Kmeans based indexing and Asymmetric Distance Computation for ANN search (Binary Local Feature):...

Transfer: http://www.cvchina.info/2012/01/13/kmeans-based-indexing-and-asymmetric-distance-computation-for-ann-search-binary-local-feature-part1/#more-3232


Herve Jegou by the Hamming Embedding and Weak Geometric consistency for large -scale image search and Product quantization for nearest neighbor search of the nearest neighbor to retrieve local feature inspired the Kmeans clustering, inverted files, Asymmetric Distance Computation applied to the binary form.

The main idea:

Kmeans do characterized by rough index.

According to statistical data compression feature.

Wherein the distance between the query feature index is calculated using a non-symmetrical way when retrieving.

algorithm:

training:

  1. To use the feature index Kmeans clustering obtain K centers. Do clustering Feature binary form, the category Center updates way: For each bit, the statistical frequency of a corresponding bit 0 all falling within the categories of features, and whichever is higher.
  2. For each Cluster, all falling within the class of statistical characteristic frequency of 1,0 per bit, 1 or 0 takes a frequency close to the first M bits of 50%. (Closer to 50%, the greater the entropy)

After training, we get two sets of data:

  • K feature categories centers.
  • For each category the center, has a set of "M th bit position identifier." These identifiers form a compressed original feature basis. (Herein after referred to as projection vectors)

index:

  1. Create an inverted table
  2. Wherein for each index to be calculated category center thereof, and is projected by the feature projection vectors of the category, to obtain a M-bit signature.
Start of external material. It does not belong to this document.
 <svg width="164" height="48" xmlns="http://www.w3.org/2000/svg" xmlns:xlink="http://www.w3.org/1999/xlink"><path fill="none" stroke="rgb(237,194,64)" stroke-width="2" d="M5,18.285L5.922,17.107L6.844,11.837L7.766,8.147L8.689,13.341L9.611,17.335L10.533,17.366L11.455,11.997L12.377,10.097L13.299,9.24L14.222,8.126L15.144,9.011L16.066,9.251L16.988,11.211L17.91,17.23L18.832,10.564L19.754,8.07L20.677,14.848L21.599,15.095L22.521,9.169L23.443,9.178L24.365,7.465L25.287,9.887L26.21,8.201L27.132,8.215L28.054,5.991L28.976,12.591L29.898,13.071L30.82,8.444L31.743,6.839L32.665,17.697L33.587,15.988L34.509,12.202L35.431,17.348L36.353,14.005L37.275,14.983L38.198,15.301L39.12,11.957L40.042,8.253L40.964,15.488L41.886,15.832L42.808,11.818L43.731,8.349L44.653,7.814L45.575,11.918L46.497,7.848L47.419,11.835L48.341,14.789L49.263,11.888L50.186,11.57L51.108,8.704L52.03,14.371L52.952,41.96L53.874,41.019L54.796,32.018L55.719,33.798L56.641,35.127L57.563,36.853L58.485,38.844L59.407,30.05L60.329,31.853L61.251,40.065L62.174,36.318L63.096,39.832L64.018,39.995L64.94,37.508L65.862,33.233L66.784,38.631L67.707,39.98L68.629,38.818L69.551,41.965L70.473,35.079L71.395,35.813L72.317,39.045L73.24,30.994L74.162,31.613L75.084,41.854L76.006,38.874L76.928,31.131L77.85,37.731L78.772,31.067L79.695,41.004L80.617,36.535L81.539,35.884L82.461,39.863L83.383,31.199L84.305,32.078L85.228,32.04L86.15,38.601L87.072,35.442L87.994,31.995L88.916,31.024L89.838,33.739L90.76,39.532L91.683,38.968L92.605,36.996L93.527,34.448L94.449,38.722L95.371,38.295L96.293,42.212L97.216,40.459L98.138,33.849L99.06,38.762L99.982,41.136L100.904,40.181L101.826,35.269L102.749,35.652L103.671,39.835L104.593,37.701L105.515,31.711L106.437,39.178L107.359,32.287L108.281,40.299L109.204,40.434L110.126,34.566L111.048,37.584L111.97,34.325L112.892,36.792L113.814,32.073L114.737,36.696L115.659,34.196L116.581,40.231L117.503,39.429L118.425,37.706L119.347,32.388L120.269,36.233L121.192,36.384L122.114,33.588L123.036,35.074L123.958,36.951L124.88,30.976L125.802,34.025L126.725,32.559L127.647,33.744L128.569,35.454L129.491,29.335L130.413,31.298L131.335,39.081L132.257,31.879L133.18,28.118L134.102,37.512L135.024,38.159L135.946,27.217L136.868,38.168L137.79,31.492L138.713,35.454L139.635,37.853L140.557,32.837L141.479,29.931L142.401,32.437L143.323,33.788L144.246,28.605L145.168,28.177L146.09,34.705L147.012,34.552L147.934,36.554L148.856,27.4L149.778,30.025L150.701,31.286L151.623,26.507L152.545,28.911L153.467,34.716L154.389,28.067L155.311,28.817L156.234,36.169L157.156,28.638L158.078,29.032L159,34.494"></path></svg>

Referred to as sig_templ, the signature is inserted into the inverted table.

ANN Search:

  1. Computing center query feature category query_cluster, and the feature vector of the projected projection category, to give a sig_query M bits.
  2. Wherein the query is calculated center categories, the category from the bit position corresponding to the projection vector removal, referred to as dist_base.
  3. Traversing query_cluster corresponding inverted entry from the table entries in sig_query sig_templ of calculation, referred to as dist_sig. Then the distance of the query feature and the indexing feature dist = dist_base + dist_sig. Minimum distance thus obtained, such as less than a threshold value, can be considered to find a ANN.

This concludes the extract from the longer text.